In CM, acidosis is not unusual. It probably results from anaerobic glycolysis caused by microcirculatory obstruction leading to increased serum lactate levels. Acidosis as well as increased serum lactate has been reported to result in increased β‐endorphin production though this occurs mainly following exercise (Bender et al., 2007; Shephard, 2001). The same mechanism may be activated in patients with CM. It is noteworthy that low serum bicarbonate was observed in 42.5% of the subjects with CM. Plasma β endorphin level was also found to be significantly higher in the subjects with low serum bicarbonate. A more objective method of determining presence of acidosis through determination of base excess from arterial blood gas measurement may be helpful in determining contribution of acidosis to elevated β‐endorphin levels.

The elevated plasma β‐endorphin level seen in the subjects with CM was observed from samples taken both at admission and at discharge with a significantly higher mean at discharge than the level at admission. The mean plasma β‐endorphin of CM patients was significantly higher at discharge than at admission. The exact explanation for this observation is unknown. Since lumbar puncture was not done on CM patients at discharge for ethical reasons, no definite assertions can be made on the CSF β‐endorphin levels at discharge. It is known ,however, that CSF β‐endorphins have a longer half‐life than plasma β‐endorphins and that a retrograde transport of β‐endorphins from CSF to plasma via p‐glycoprotein may occur (Veening, Gerrits, & Barendregt, 2012). Perhaps, these may explain the raised plasma β‐endorphin levels at discharge. We think this may be a plausible reason since the subjects were not subjected to any stressful therapeutic procedure that can induce β‐endorphin production. We are not aware of any reports linking antimalarial treatment with β‐endorphin levels.

There is perhaps another explanation for the persistence of elevated plasma β‐endorphin levels at discharge compared to at admission. Most published works that suggest a short half‐life for plasma β‐endorphins were based on exercise‐induced stress and not following infections or inflammation (Shephard, 2001). Although there are qualitative similarities between the immune responses to exercise and sepsis, the magnitude of the changes induced by most forms of exercise remains much smaller than in a typical inflammatory response (Shephard, 2001). The main difference between the changes caused by sepsis and exercise appears to be of degree rather than type (Shephard, 2001).
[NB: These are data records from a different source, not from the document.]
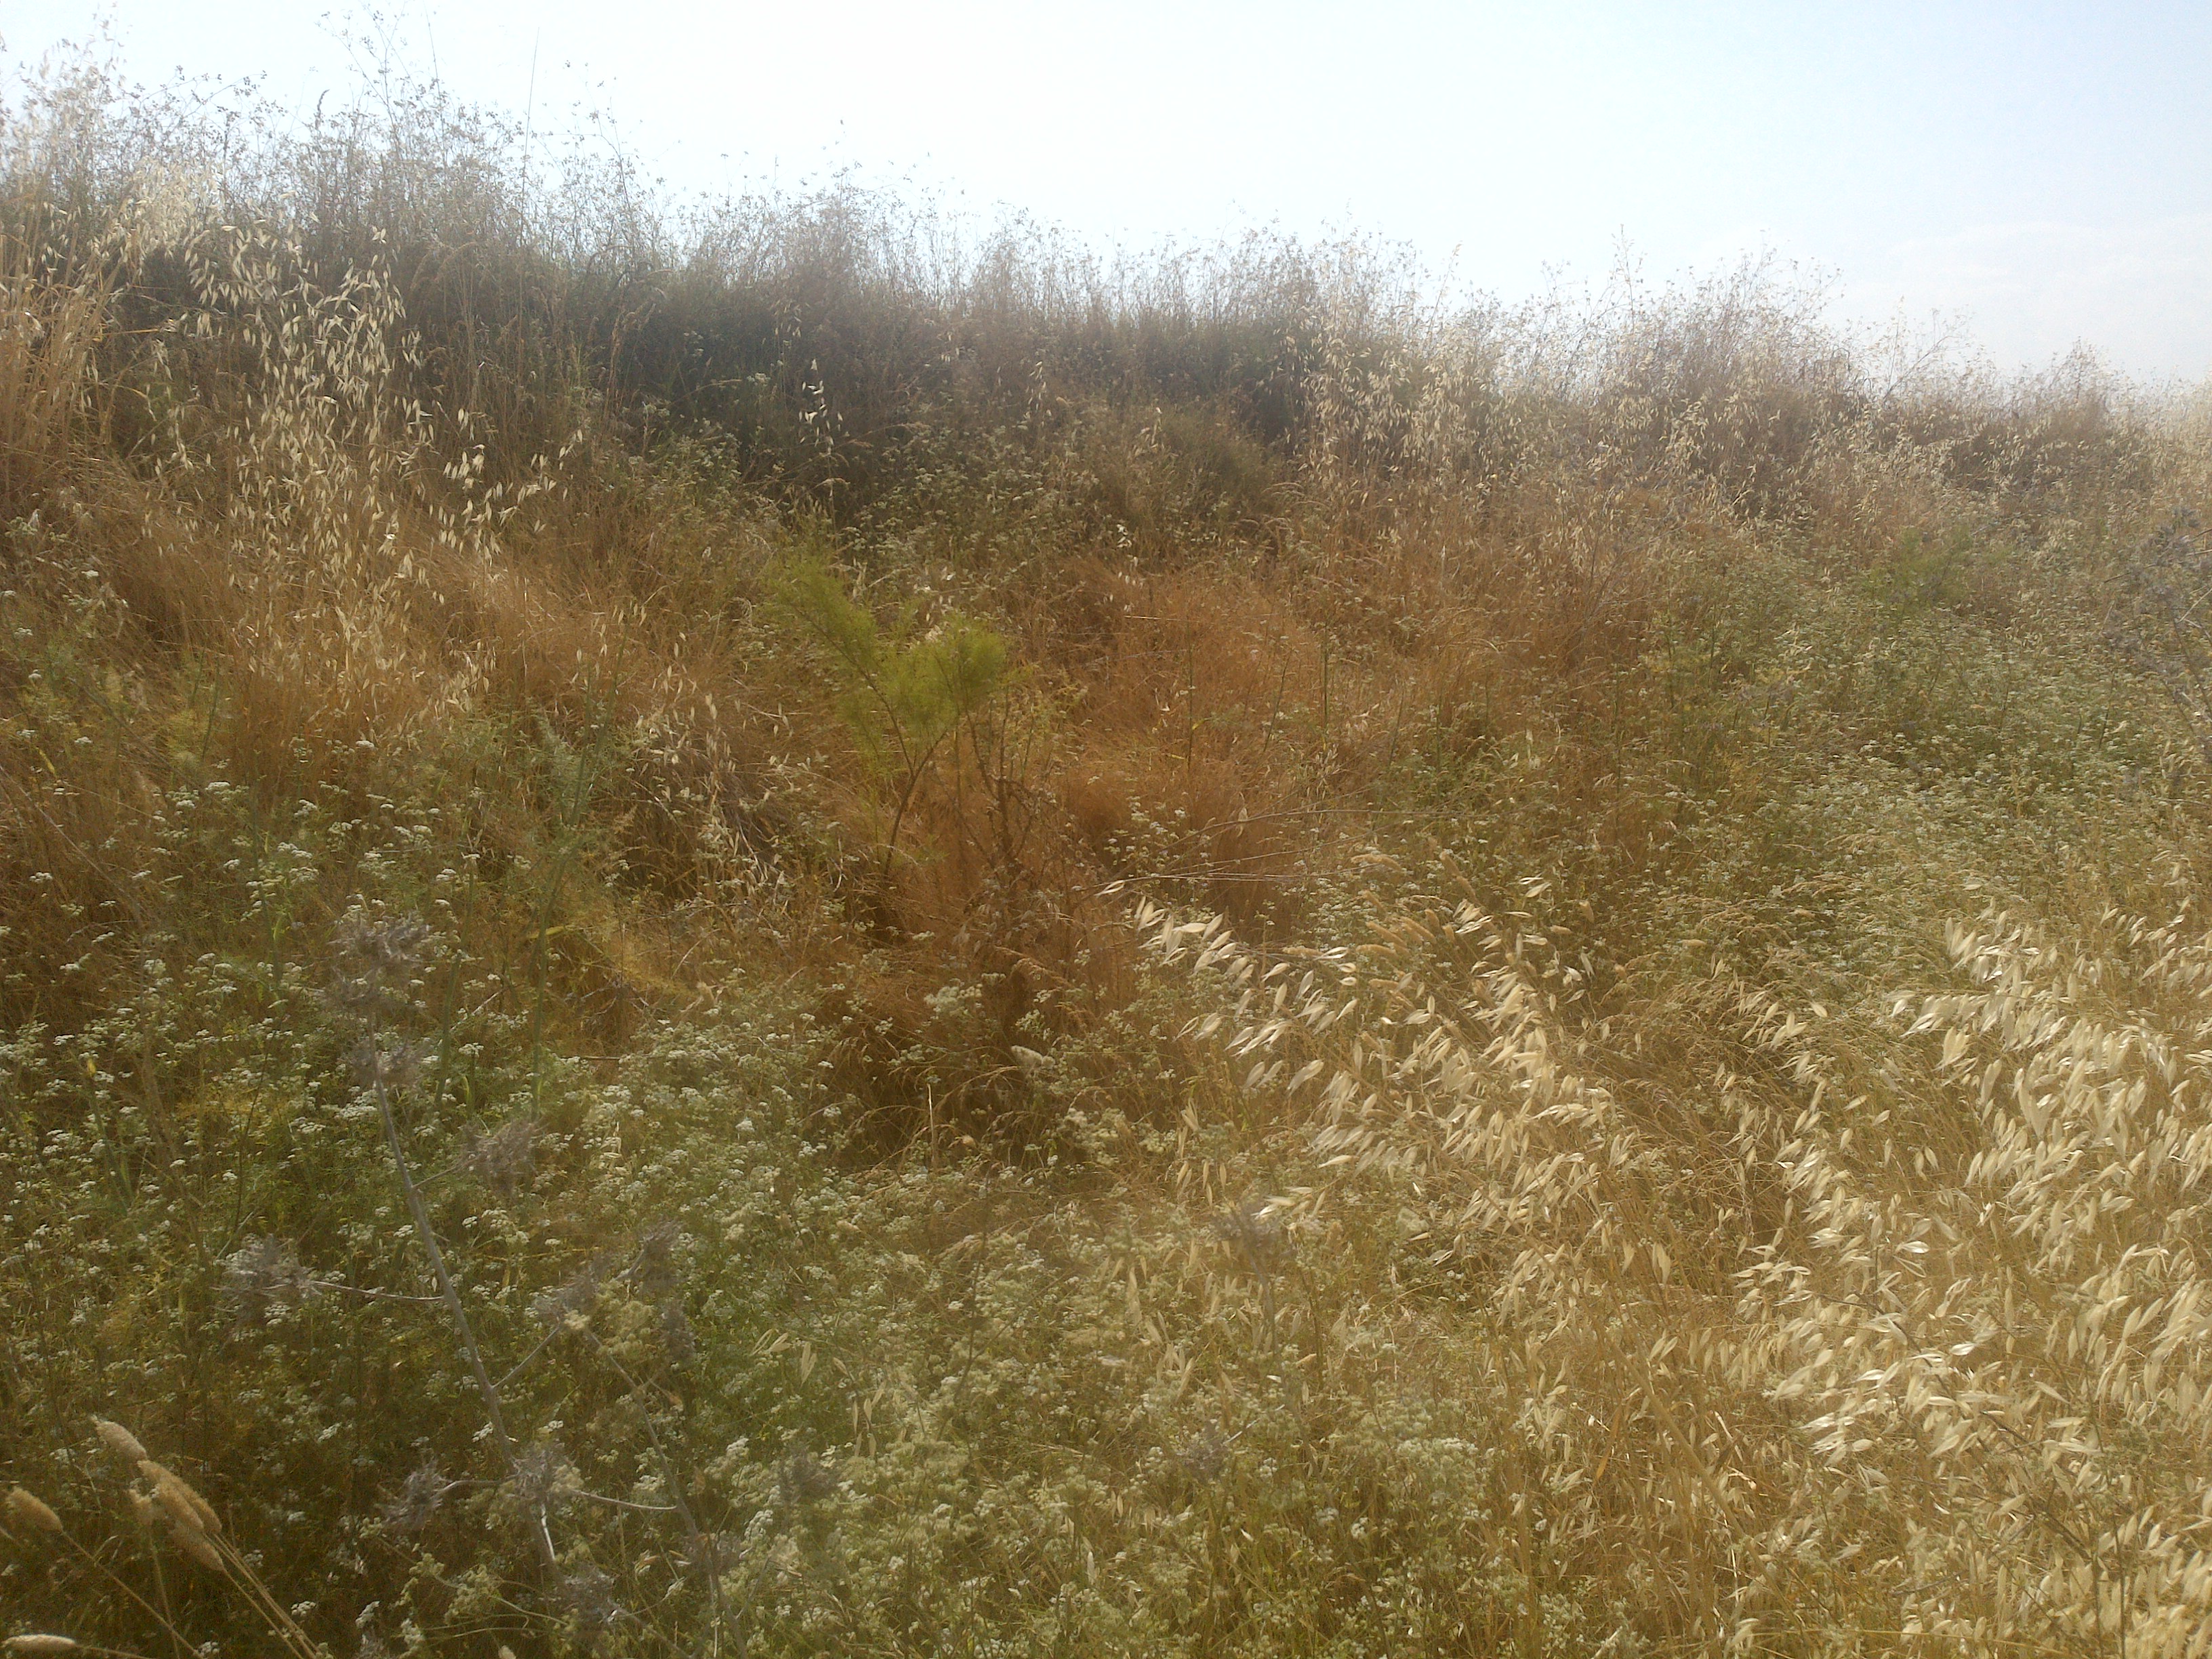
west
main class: Grassland
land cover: Grassland with sparse tree/shrub cover
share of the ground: > 75 %
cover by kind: herbaceous plants 90 %, broadleaved forest trees 5 %, unconsolidated bare surface 5 %
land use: Road transport
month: June
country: ES
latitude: 37.7596
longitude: -4.9180
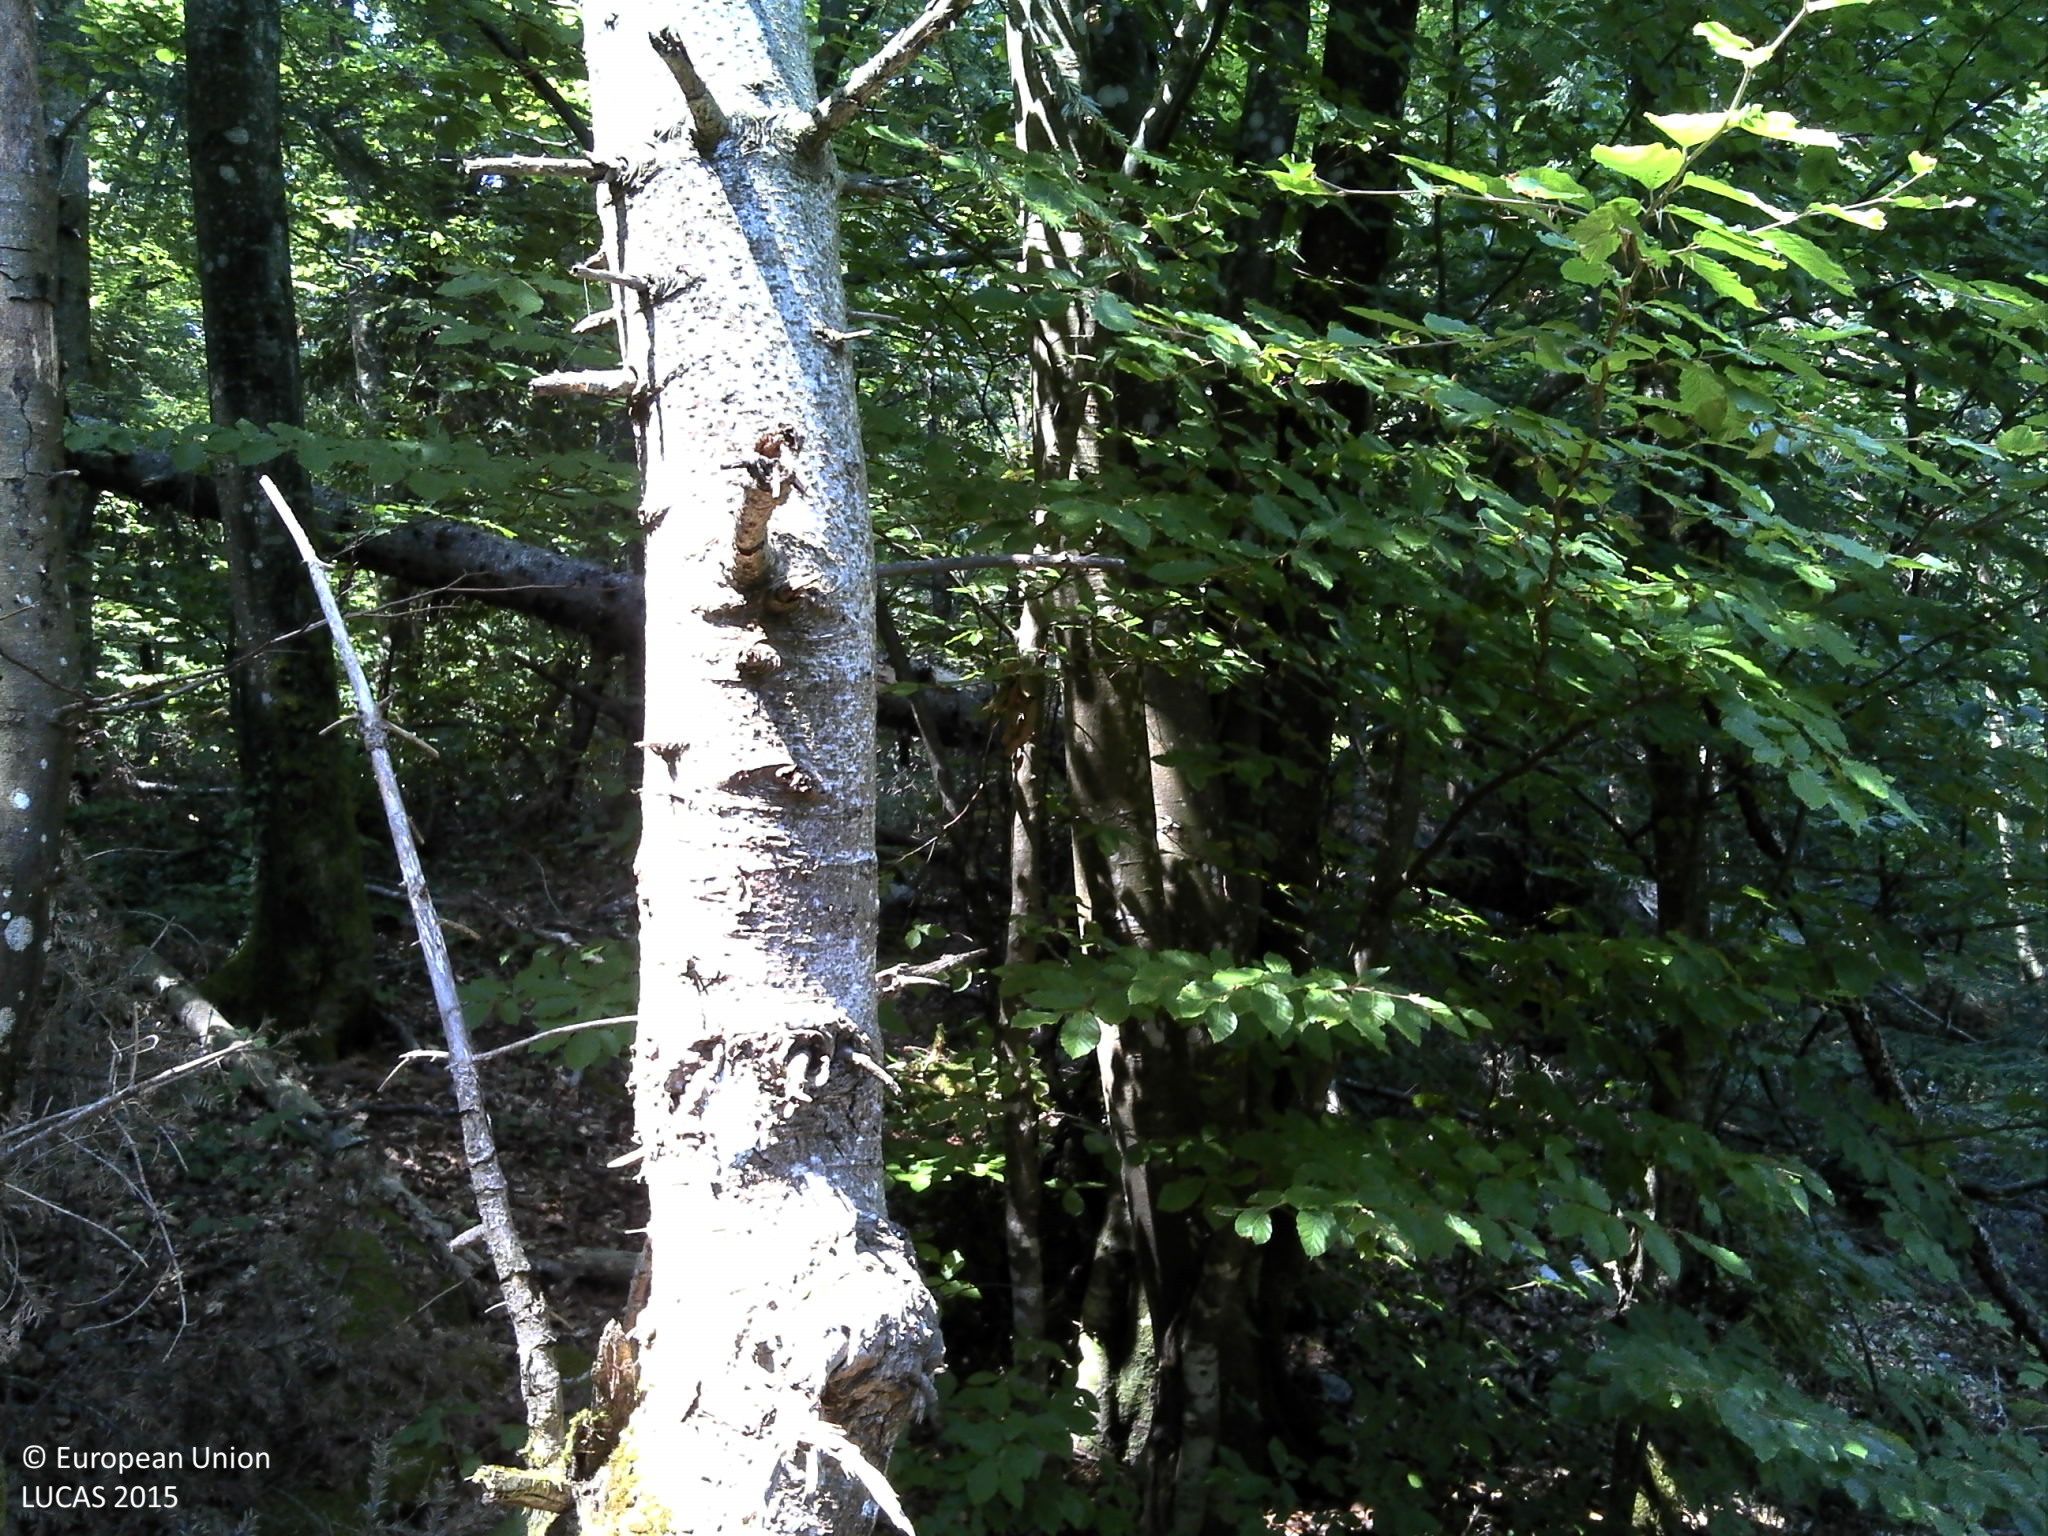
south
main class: Woodland
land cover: Spruce dominated mixed woodland
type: alpine coniferous forest
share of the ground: > 75 %
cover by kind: coniferous forest trees 50 %, broadleaved forest trees 30 %, shrubs 10 %, lichens and mosses 5 %, consolidated bare surface 5 %
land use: Forestry
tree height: > 5 m
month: July
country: HR
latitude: 45.0134
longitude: 15.2351
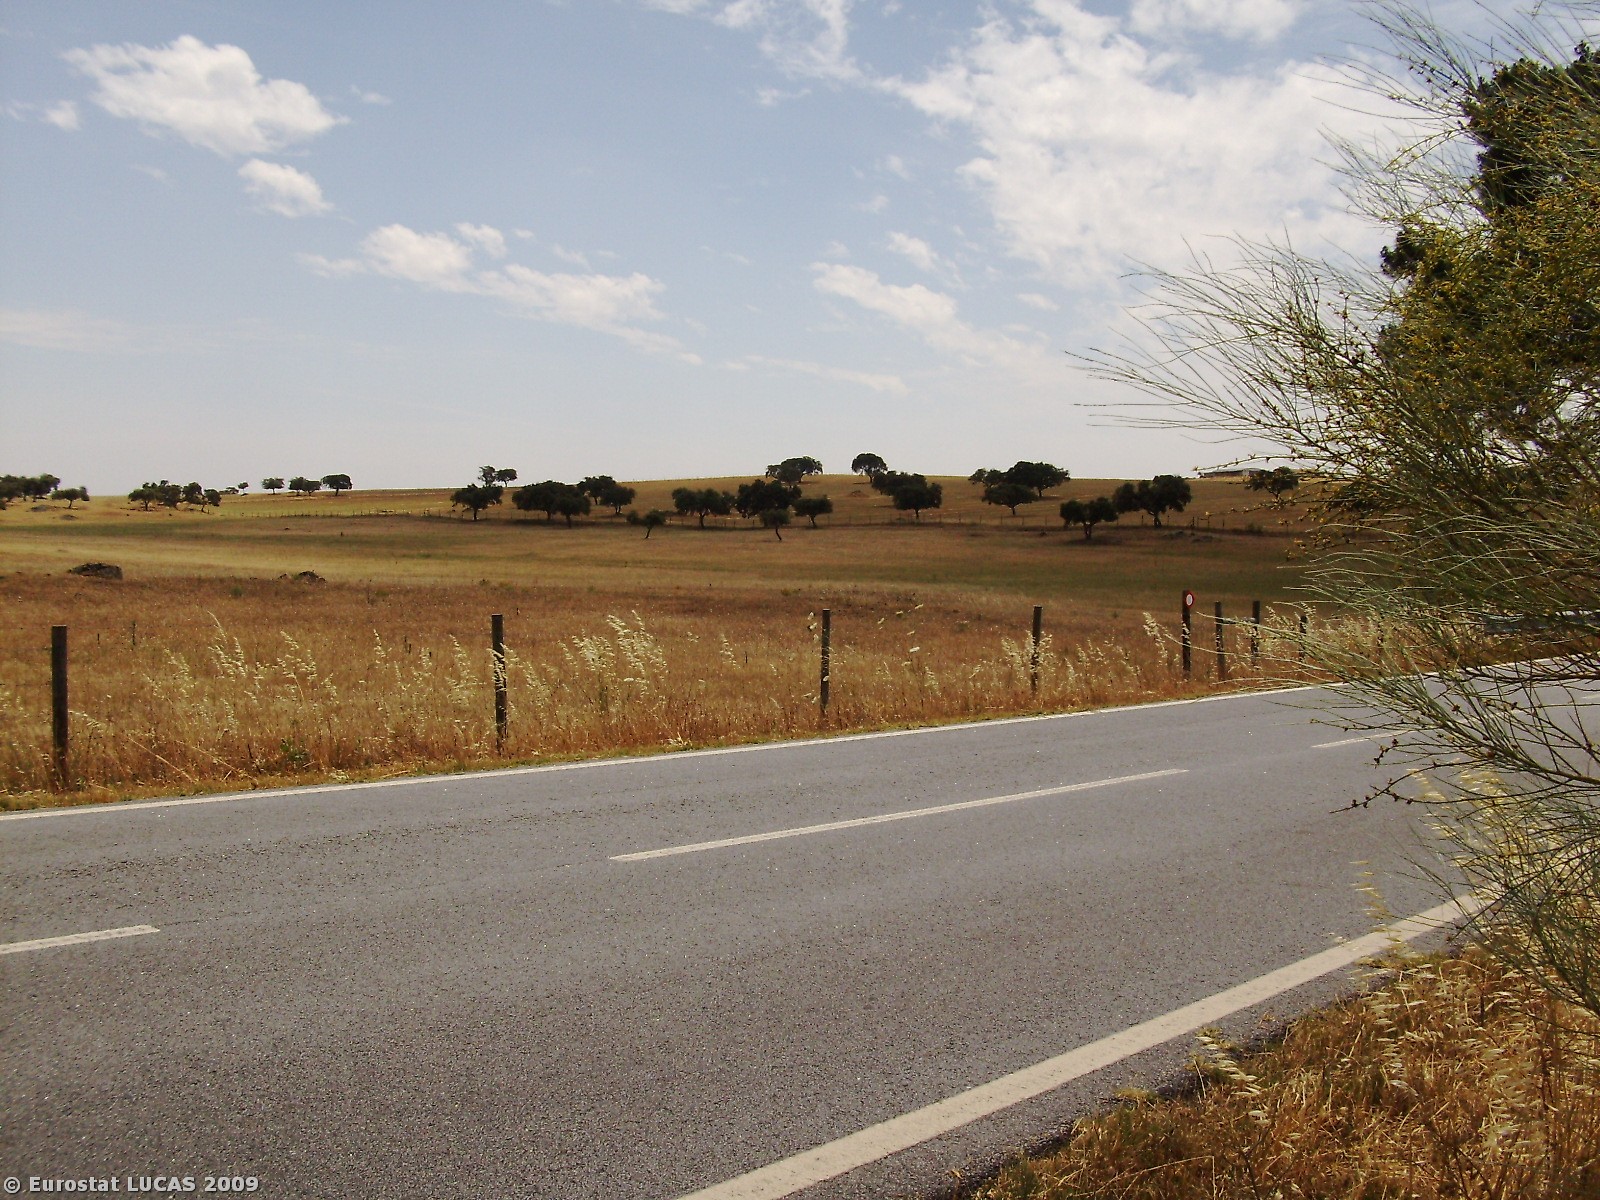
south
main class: Grassland
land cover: Spontaneously vegetated surfaces
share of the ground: > 75 %
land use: Fallow land
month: June
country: PT
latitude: 39.1195
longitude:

In this study, plasma β‐endorphin levels were found to be higher than CSF levels which were similar to reports in earlier studies. Pituitary gland, peripheral tissues, and immunocytes of the immune system secrete β‐endorphin into the circulation which suggests that circulating β‐endorphin can hardly enter the brain ventricles (Machelska & Stein, 2000; Veening et al., 2012). Following its release from neurons β‐endorphin is partially destroyed at the synapses and in the interstitial fluid of the brain. These destructive sites may also explain why the β‐endorphin concentration in CSF was lower than in plasma. Hamel (1988) also found that CSF endorphin concentrations in man were significantly lower than in plasma. These results support the finding of a lower β‐endorphin concentration in CSF as compared with plasma in children with CM. In contrast, however, Jeffcoate et al. (1978), showed that β‐endorphin concentrations were higher in human CSF than in plasma.

Thus the findings from this study suggest an increased peripheral production of β‐endorphins in children with cerebral malaria during the course of the illness possibly from the effect of stressors like fever, hypoxia, and acidosis. The higher β‐endorphin level found in subjects who died compared to those who survived was not significant in this study. Thus we recommend that larger and prospective studies on CM be done with plasma β‐endorphin levels serially measured during the course of the illness and for some weeks after discharge to determine the pattern of rise of β‐endorphin levels during the course of the illness. Additionally, comparative studies of β‐endorphin levels in the key malaria syndromes and other CNS infections should be worthwhile. The subjects with other CNS infections will serve as nonhealthy controls.

Conflict of Interest

The authors declare that there is no conflict of interest.